Massnahmen-Ende So realistisch ist ein Schweizer «Freedom Day»

Von Lia Pescatore

26.1.2022

Ist die Schweiz schon bald über dem Berg? Eine Allianz aus Wirtschaft und Politik will die Massnahmen möglichst schnell aufheben. 
Ist die Schweiz schon bald über dem Berg? Eine Allianz aus Wirtschaft und Politik will die Massnahmen möglichst schnell aufheben. 
Keystone/Christian Beutler

Stimmen aus der Wirtschaft und Politik fordern den Bundesrat dazu auf, möglichst bald alle Massnahmen aufzuheben – den «Freedom Day» auszurufen. Epidemiologen halten dies jedoch für verfrüht. 

Von Lia Pescatore

26.1.2022

Alle Massnahmen aufheben. Auf einen Schlag. Schon mehrere Länder haben diesen drastischen Schritt im vergangenen Jahr gewagt und sind Monate später wieder zu gewissen Einschränkungen zurückgekehrt. 

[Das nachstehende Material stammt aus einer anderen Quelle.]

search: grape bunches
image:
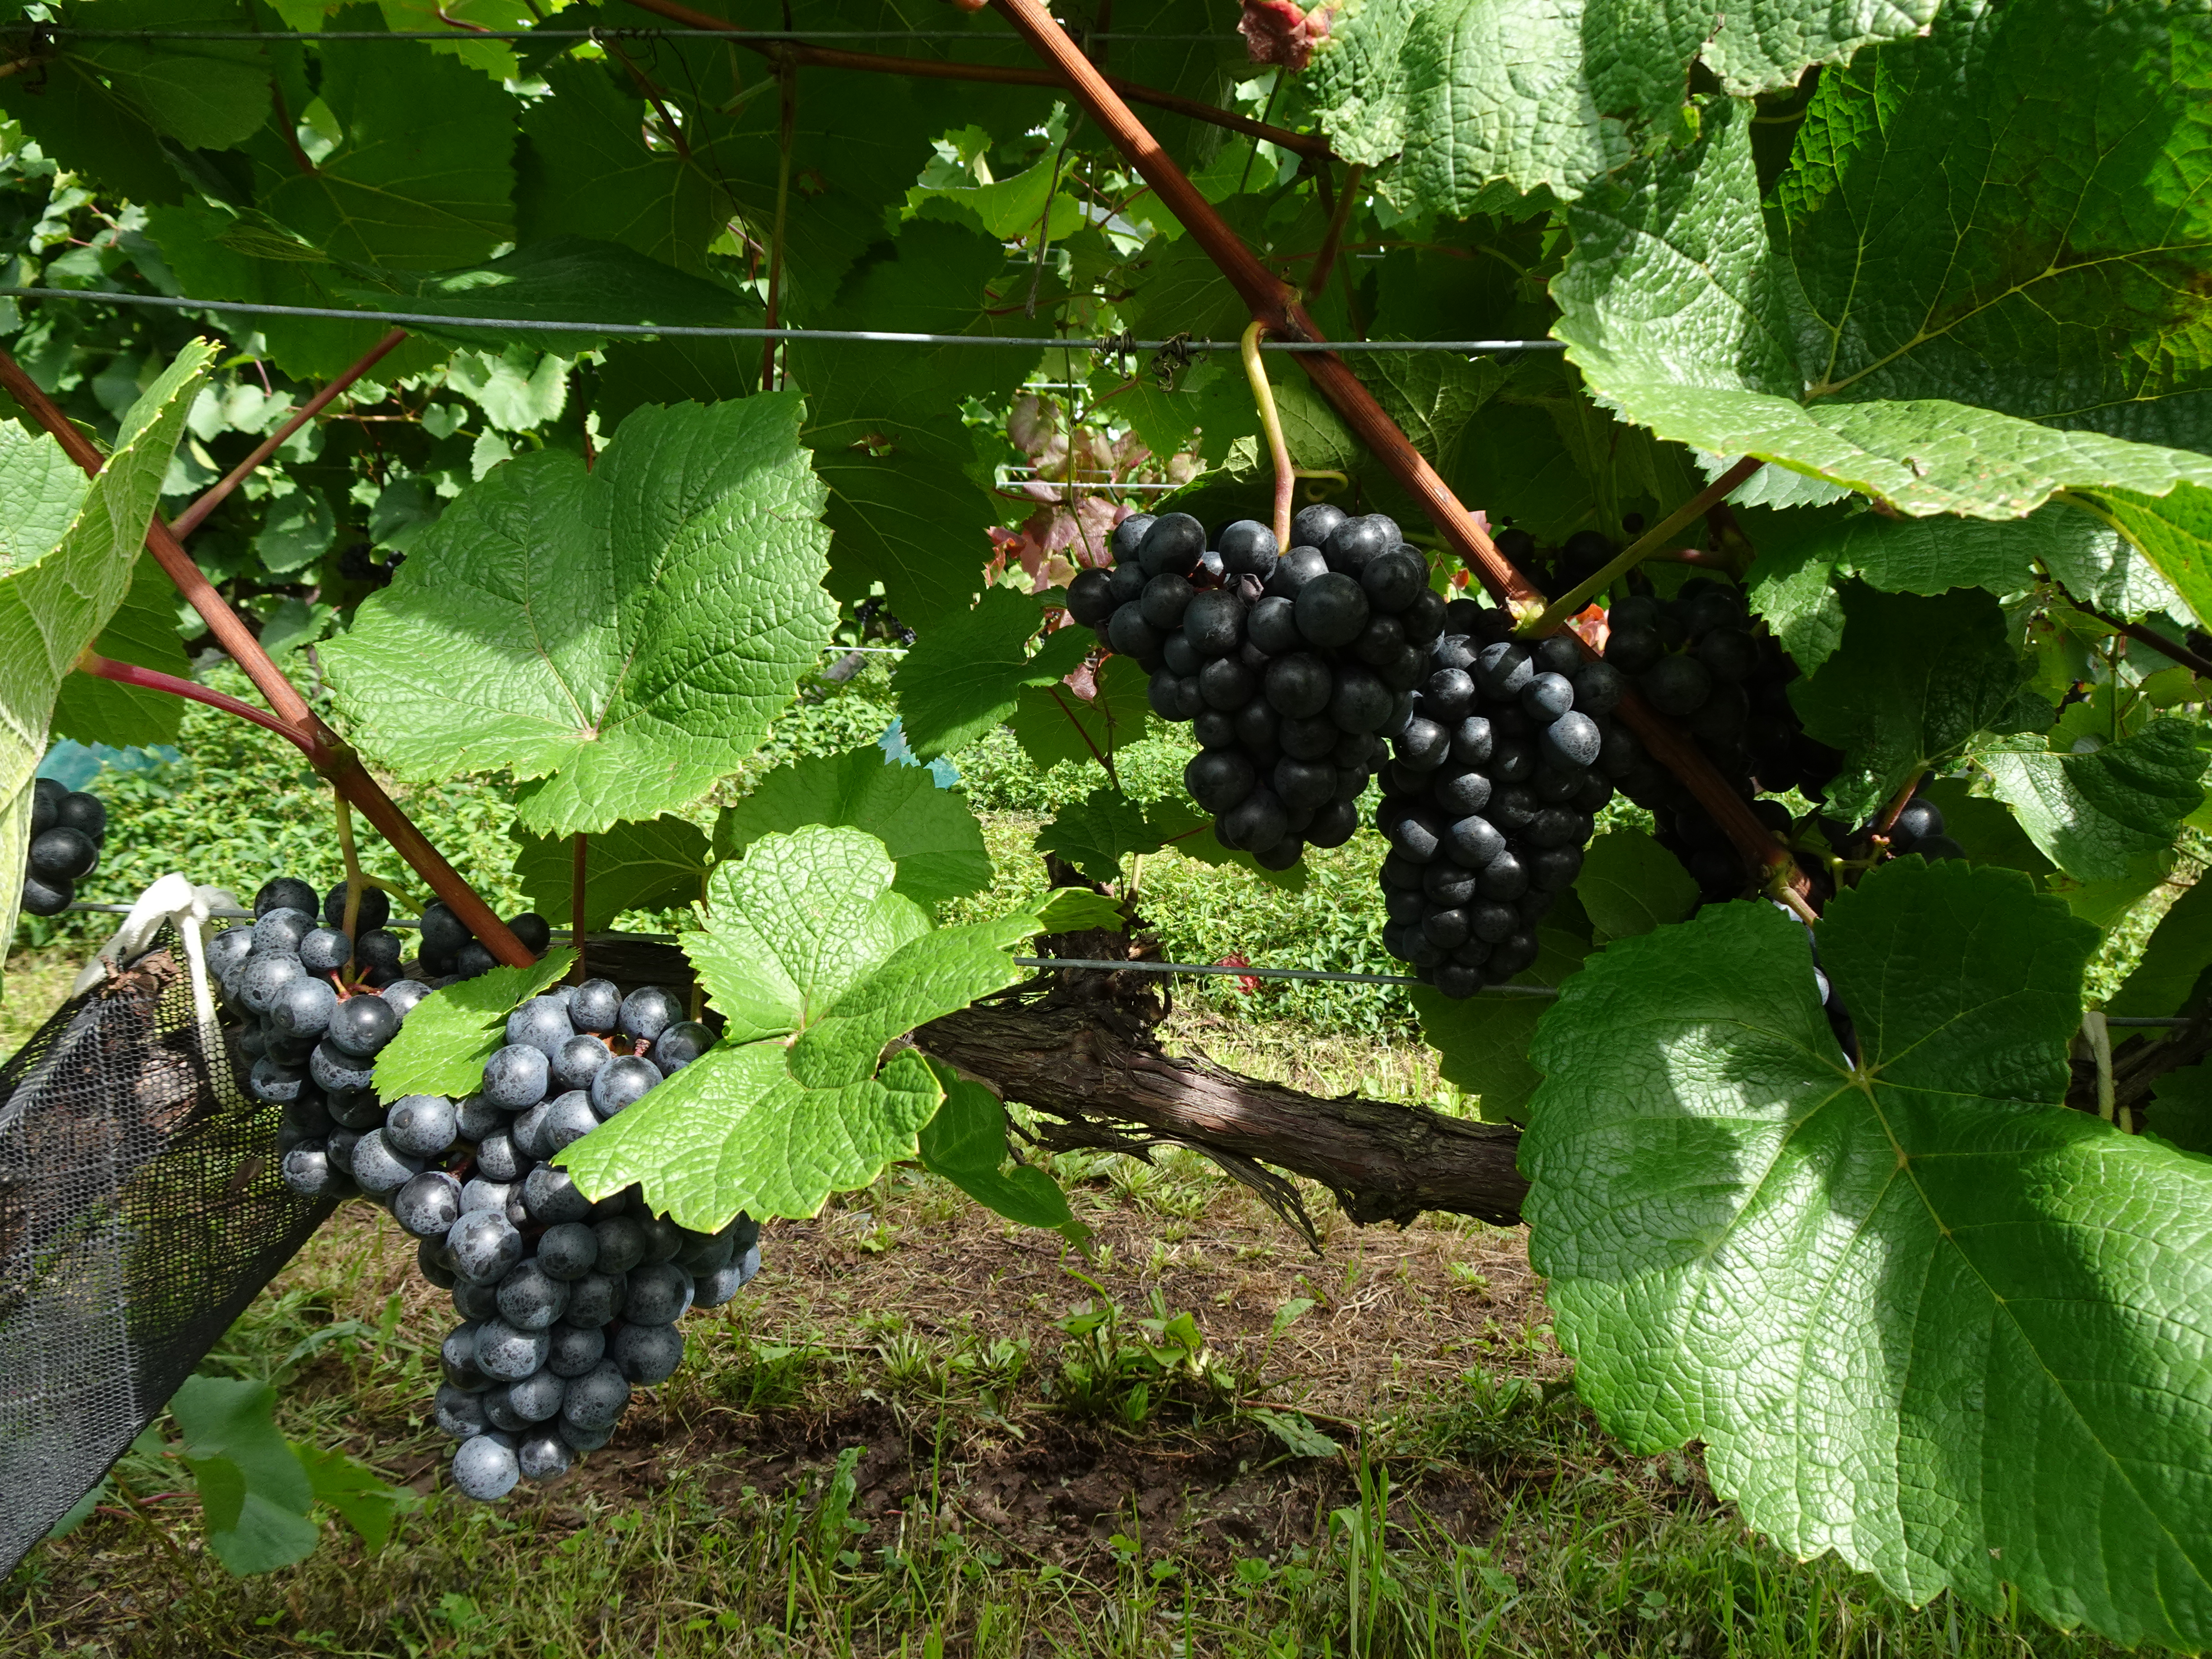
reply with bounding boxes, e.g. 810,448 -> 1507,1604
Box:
1755,632 -> 1847,801
1374,599 -> 1635,998
1603,580 -> 1792,900
1068,504 -> 1443,871
204,877 -> 404,1192
417,900 -> 552,975
1817,768 -> 1970,889
1491,512 -> 1653,617
351,978 -> 764,1500
18,776 -> 106,917

Doch ist mit der Omikron-Welle nicht alles anders? In Grossbritannien hat Boris Johnson für Donnerstag den sogenannten «Freedom Day» verkündet. Auch in der Schweiz soll dieser Tag nicht mehr lange auf sich warten lassen, fordert eine Allianz aus Wirtschaftsverbänden sowie Vertretern von bürgerlichen Parteien einen Tag vor der Bundesratssitzung.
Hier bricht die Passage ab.